In 2011, the Gates Foundation launched the Reinvent the Toilet Challenge to bring sustainable sanitation and hygiene solutions to the 2.5 billion people worldwide who do not have such access. The challenge, which is ongoing, is a global call to researchers around the world to develop innovative and financially profitable systems to manage human waste. The systems must operate off-grid, cost less than $.05 per day, and function in poor, urban settings.
So why reinvent toilets? They work just fine, do they not? The simple answer is yes, toilets do their jobs efficiently in developed countries. It’s a different story in poor countries.
The familiar toilets that people in the developed world take for granted are unsuited to many parts of poor countries because of a lack of plumbing and waterworks infrastructure, or the resources to develop and maintain that infrastructure. This leaves 2.5 billion people to use pit latrines or practice open defecation—which, by the way, not only leads to disease, but exposes women and girls to an increased risk of violence. In theory, pit latrines are viable sanitation solutions. In real life, however, the cost to empty the latrines is unaffordable for many families, and when they are emptied, raw sewage is often dumped into nearby waterways and ponds, polluting the surface water. And the potential for these makeshift toilets to contaminate the groundwater is high.
Toilets and human waste aren’t topics that get much attention in the media, or even within the philanthropy world. In fact, the last time I remember water, sanitation and hygiene (WASH) matters getting the attention of mainstream media outlets was in 2015, when Bill Gates shared a video of himself drinking a glass of water from the Janicki Omni Processor (JOP). In simple terms, the JOP converts human waste into water, electricity and ash. Gates recorded a video in which he downed a glass of JOP water and posted it online. While this made him the butt of many a joke, clean water is certainly no laughing matter.
Around 88 percent of diarrheal illnesses worldwide are due to unsafe water and poor sanitation and hygiene. Diarrheal diseases are the second leading cause of death for children under the age of five and kill more kids than AIDS, malaria and measles combined. Such grim statistics captured the Gateses' attention years ago, and the Gates Foundation continues to back WASH enterprises that can potentially crack this particular global health challenge. Its most recent investment in this area involves researchers at Duke University.
Duke, along with its partners RTI International, Colorado State University and “several evolving partnerships” received two grants totaling $10.7 million to implement phase three of their Reinvent the Toilet project. Most this money, $7 million, is funding further development of an off-grid, energy-neutral sanitation system led by Brian Stoner, a Duke-RTI scholar and Duke electrical and computer engineering professor Jeff Glass. The project is currently undergoing testing in India. (You can read more about the work of Stoner and RTI here.)

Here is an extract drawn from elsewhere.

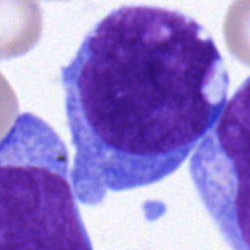
Bone marrow aspirate smear, single cell — undifferentiated blast.

Gates is awarding the remaining $3.7 million over the course of two years toward the establishment of a new Sanitation Technology Cluster at the university. The cluster will bring together faculty members from Duke’s Global Health Institute, the Sanford School of Public Policy, Pratt School of Engineering and the Innovation and Entrepreneurship Initiative. The cluster will research and develop technologies to fill gaps in WASH with projects such as high-efficiency combustion ecology using human waste to safely dispose of and treat menstrual waste.
The Gates Foundations has awarded other grants this year for toilet innovation. In March, for example, it gave $1 million to Kohler—a leading U.S. manufacturer of toilets and other bathroom supplies—for work to test so-called closed-loop toilets in poor countries. Kohler, which also received a Gates grant in 2014, describes these toilets as "stand-alone units that take in wastewater, then disinfect and purify it to be reused for toilet flushing."
Developing and scaling new toilet technology that can reach several billion people is a huge global development challenge. But the Gates Foundation has stuck with this work for good reasons; gains on WASH have already saved many lives. In 2000, around 1.2 million kids died from diarrheal diseases. By 2015, that number dropped to 525,000.
Access to safe hygiene and sanitation solutions also has high potential to keep girls in school. According to Brian Stoner, around 25 percent of girls drop out of school because they don’t have access to bathrooms or safe places to dispose of their menstrual hygiene products. Jeff Glass also noted that every $1 invested in WASH generally returns around $5 in benefits such as higher work productivity, lower health costs and fewer missed work days.